Data excerpts »
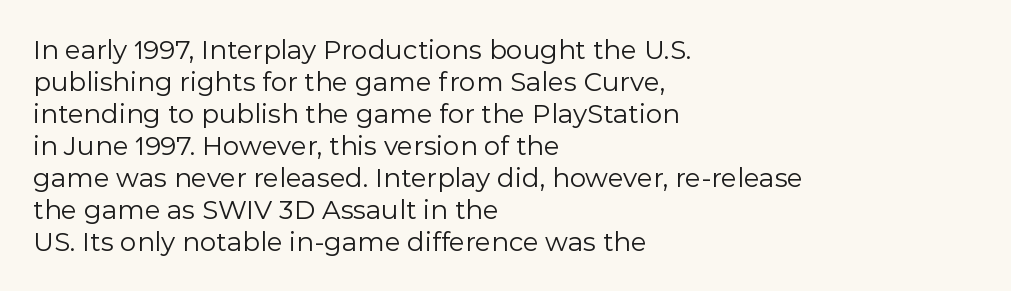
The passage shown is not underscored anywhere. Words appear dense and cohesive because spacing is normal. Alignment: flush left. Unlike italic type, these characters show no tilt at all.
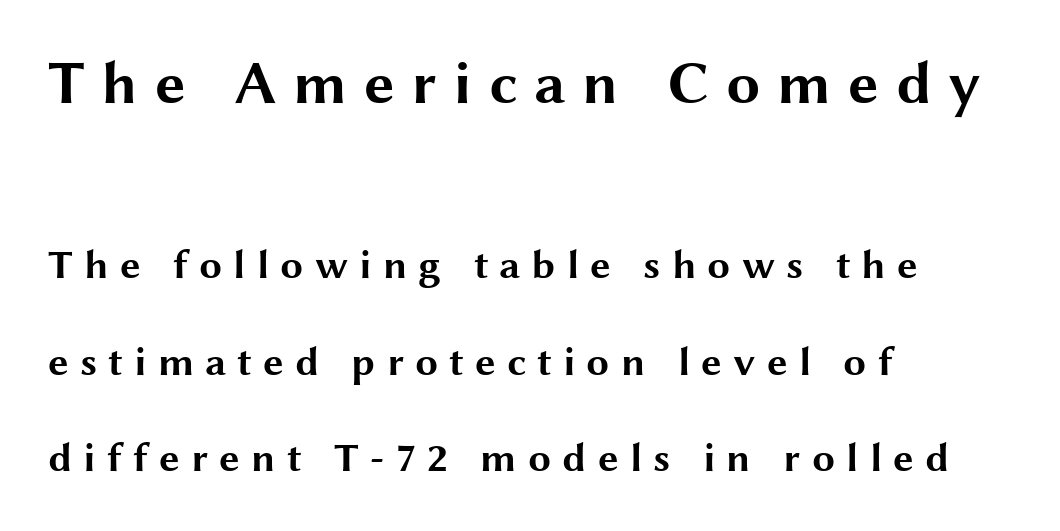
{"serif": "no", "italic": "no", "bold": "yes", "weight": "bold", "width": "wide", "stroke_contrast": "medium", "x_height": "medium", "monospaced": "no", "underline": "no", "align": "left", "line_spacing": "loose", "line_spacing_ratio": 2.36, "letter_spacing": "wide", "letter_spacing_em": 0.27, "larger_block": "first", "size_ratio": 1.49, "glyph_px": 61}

---

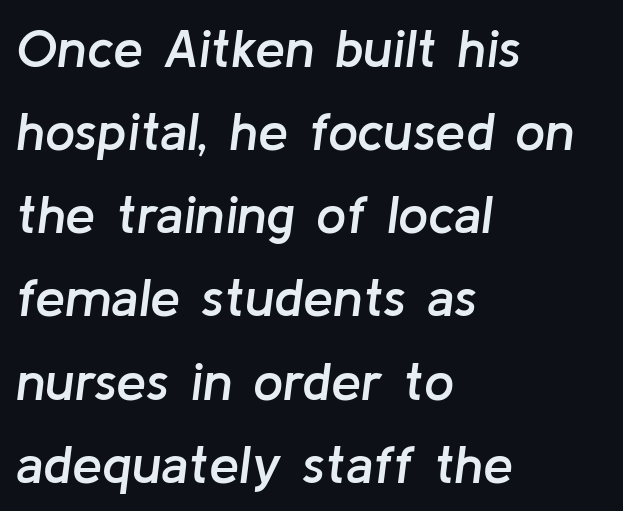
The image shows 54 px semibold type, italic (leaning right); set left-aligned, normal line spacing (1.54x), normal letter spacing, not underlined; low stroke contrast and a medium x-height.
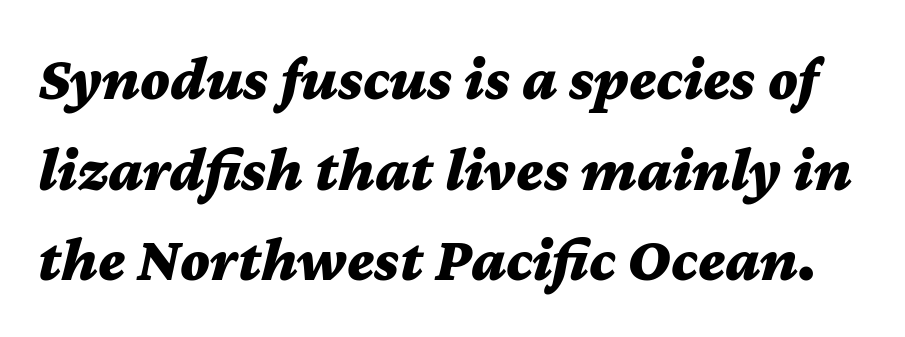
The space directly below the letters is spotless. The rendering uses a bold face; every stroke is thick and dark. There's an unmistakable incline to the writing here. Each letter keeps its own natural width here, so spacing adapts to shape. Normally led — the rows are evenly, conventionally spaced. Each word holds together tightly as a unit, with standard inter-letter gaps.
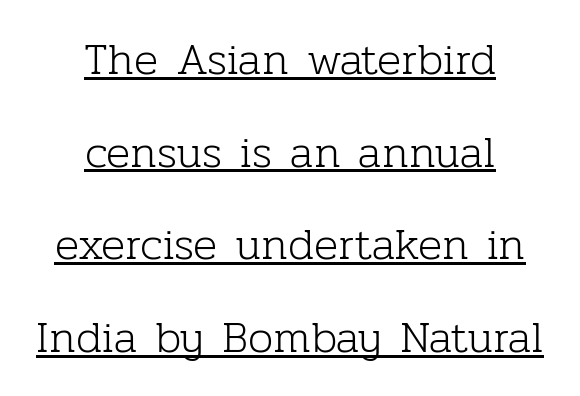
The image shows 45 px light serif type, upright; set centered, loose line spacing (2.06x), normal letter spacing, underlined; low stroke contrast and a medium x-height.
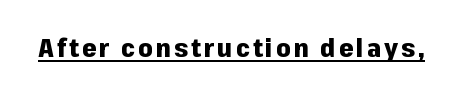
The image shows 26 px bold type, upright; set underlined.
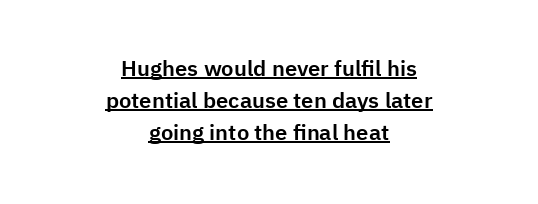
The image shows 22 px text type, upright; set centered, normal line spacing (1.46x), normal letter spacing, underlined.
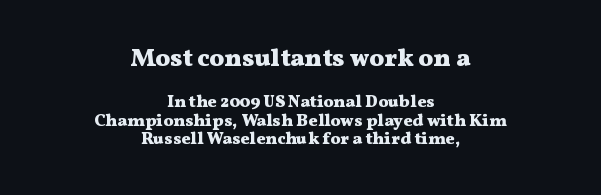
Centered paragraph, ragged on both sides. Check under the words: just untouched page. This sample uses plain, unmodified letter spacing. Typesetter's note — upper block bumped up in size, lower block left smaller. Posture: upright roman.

--

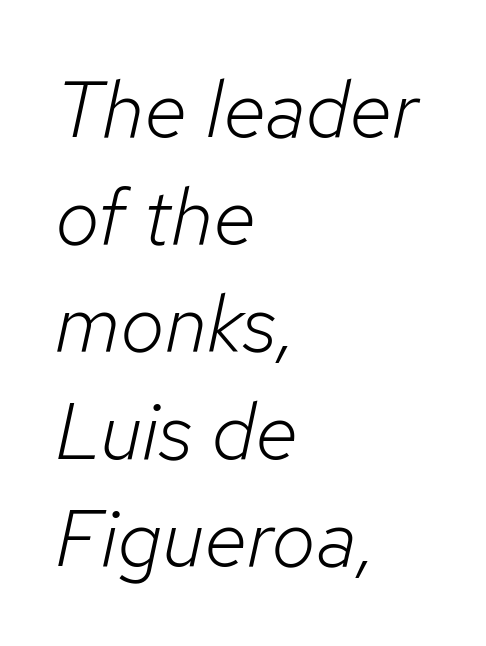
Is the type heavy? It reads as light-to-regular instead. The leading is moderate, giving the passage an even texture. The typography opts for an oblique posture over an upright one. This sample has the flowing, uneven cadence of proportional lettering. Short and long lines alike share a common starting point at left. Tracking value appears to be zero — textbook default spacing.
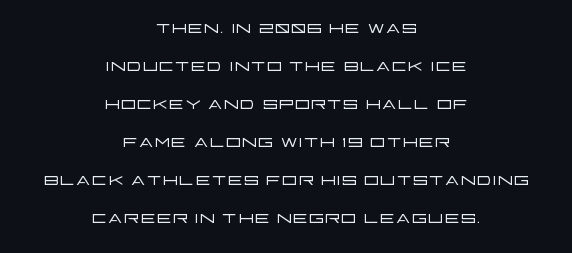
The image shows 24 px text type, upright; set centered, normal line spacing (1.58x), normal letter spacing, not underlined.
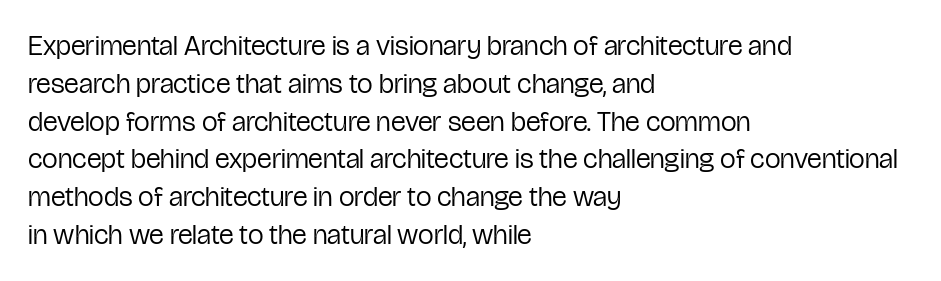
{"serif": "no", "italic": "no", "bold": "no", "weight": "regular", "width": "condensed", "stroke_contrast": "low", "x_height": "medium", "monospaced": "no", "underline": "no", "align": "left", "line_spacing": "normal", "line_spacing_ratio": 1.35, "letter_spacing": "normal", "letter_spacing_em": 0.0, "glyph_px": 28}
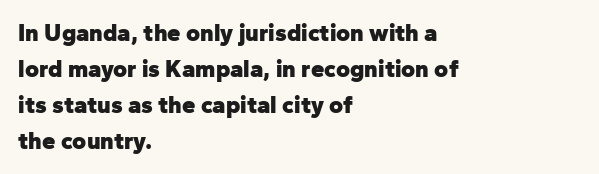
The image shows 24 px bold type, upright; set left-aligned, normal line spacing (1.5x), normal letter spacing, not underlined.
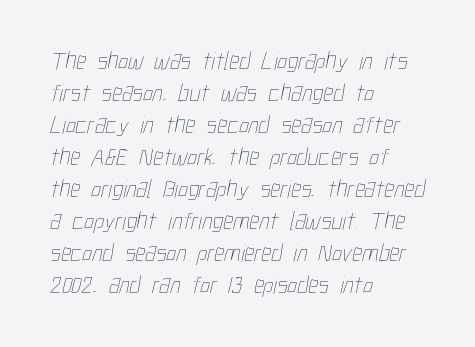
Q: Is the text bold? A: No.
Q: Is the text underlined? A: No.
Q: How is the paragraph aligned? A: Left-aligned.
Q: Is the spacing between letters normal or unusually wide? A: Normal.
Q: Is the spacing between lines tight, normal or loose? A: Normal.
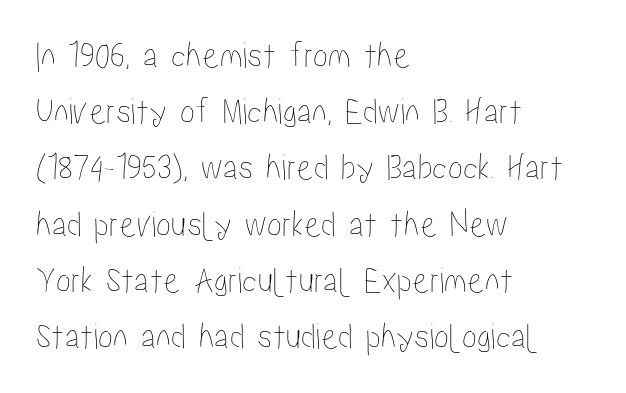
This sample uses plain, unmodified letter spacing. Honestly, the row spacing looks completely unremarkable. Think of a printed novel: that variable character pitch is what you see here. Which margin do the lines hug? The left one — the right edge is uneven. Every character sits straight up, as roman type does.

Try it »
Scan the lines above for "paragraph" and state how many match, nothing more.

Finished task »
2